Корреспондент газеты рассказал, что ему удалось пообщаться с гостем, несмотря на "скромность писателя и его нерасположение к журналистам вообще и интервьюерам — в особенности".
С виду усталый и равнодушный, писатель, как отмечал корреспондент саратовской газеты, заметно оживлялся, когда речь заходила "о наших общих злобах дня":
"Между прочим, вспомнивши, что у меня есть связи с одним из сибирских музеев, М. Горький просил достать кое-каких изданий для одного его знакомого мужичка из Нижегородской губернии, простого мельника, который со страстью занимается палеонтологией, изучил для этого два иностранных языка, делает раскопки и исследования. Я, конечно, с радостью обещал исполнить эту просьбу и выразил удивление по поводу появления столь оригинальных мужичков.
— О, у нас несколько таких! — сказал Горький. — Есть, например, мужички-астрономы...
Мой собеседник, видимо, с увлечением мог говорить о подобных отрадных явлениях. Но он не забывал и расспрашивать об интересующих его предметах.
— Ну, как живется у вас в Саратове? Признаться, он мне не понравился...
— Еще бы! — сказал я. — Вероятно, Саратов встретил вас пылью... Это — с внешней стороны. А с внутренней — одно можно сказать, что прежде он был лучше...
— Да, я слышал.
[...]
По городу быстро облетела весть о посещении Саратова интересным гостем. В музее М. Горького не узнали.
— Какая жалость! — сказал заведующий, а то мы предложили бы ему расписаться в книге для почетных посетителей".
"Дважды два — пять"
Третий раз Горький прибыл в Саратов поздно вечером 1 августа 1928 года на пароходе "Урицкий". Когда на берег сошел сутулящийся человек в мягкой шляпе и осеннем пальто, вокруг него быстро собралась толпа. Как отмечал Леонид Лодгауз-Прокопенко, многие спрашивали, надолго ли он приехал в СССР. Дело в том, что третий саратовский визит писателя в наш город состоялся в период, когда Горький ненадолго приехал в Советский Союз из Европы, куда он отправился на лечение еще в 1921 году по настоянию Ленина.

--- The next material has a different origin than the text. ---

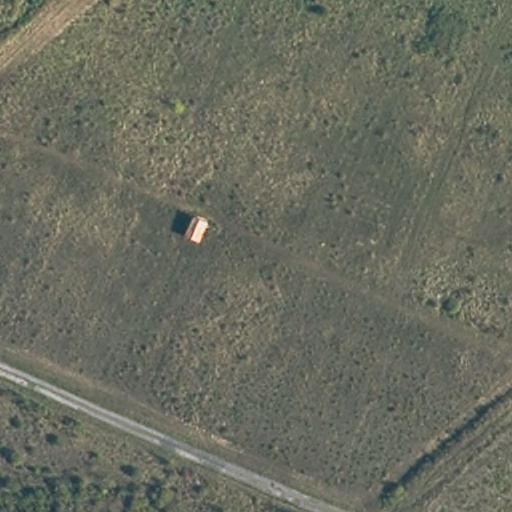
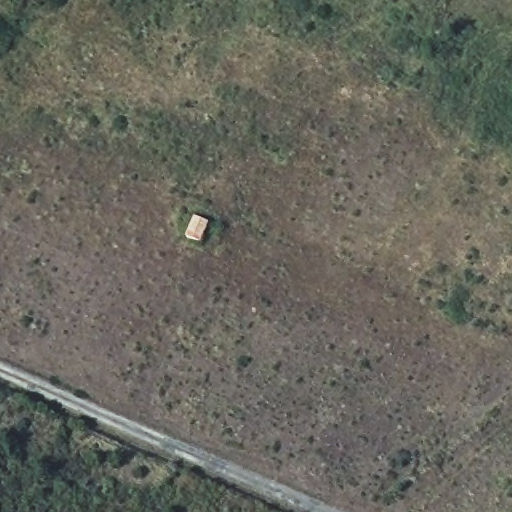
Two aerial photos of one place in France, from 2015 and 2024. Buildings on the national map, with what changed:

"Алексей Максимович отвечал, но и сам не оставался в долгу, спрашивая:
— Кто хорошо знает Саратов? Расскажите мне, как благоустроен этот город сейчас? Какие в нем фабрики и заводы? Есть ли театр? Что вообще нового в этом городе? Я в этих краях не был давно...
С радостью, перебивая друг друга, отвечали пассажиры на вопросы Алексея Максимовича, а он подробно расспрашивал о Саратове, интересовался всеми сторонами жизни города", — писал Лодгауз-Прокопенко в 1939 году.
Последний визит Горького в Саратов состоялся во время его следующего приезда в СССР из Италии 24 августа 1929 года.
Вот как на следующий день это событие описывала краевая газета "Поволжская правда":
"Вчера на пароходе "Карл Либкнехт" по пути из Нижнего в Сталинград через Саратов проехал писатель Максим Горький.
Из Сталинграда Максим Горький проедет по трассе строительства Волга-Дон.
М. Горький на пароходе принял представителей краевого исполнительного комитета, печати, пролетписателей и группу грузчиков, с которыми имел продолжительную беседу".
Спустя два дня в комсомольской газете "Молодой ленинец" появляется развернутый репортаж с автографом и цитированием гостя:
"Мы слушаем Горького:
— Есть три категории людей: пессимисты, утверждающие, что дважды два — три, оптимисты, доказывающие, что дважды два — все-таки — пять, и скептики, вносящие скромную поправочку, что дважды два — именно четыре, а не иначе.
— Я оптимист, я верю, что дважды два — пять. И действительность убеждает меня в моей правоте.
И сразу же, непринужденно и просто, начал рассказывать Алексей Максимович о том, что он видел, что заставило его не верить таблице умножения, о том, чему многие и многие из нас не придавали и не придают значения.
— ...Краснощекий, одиннадцатилетний тов. Палкин, выступивший на пионерском слете, — говорит писатель,— убедил меня, что яйца, вопреки всем пословицам, начали учить кур, и учат довольно успешно. Я узнал, что некий пионер, грозясь неведомо откуда добытым снимком раздутой печенки алкоголика, излечил от пьянки отца.
— Мне пришлось быть свидетелем, как во время антиимпериалистического митинга в бакинском исправдоме арестованные возмущенно осадили заявляющего о своей готовности защищать советские границы бывшего белогвардейца, заявив:
— Нет, ты останешься здесь, а в армию пойдем мы.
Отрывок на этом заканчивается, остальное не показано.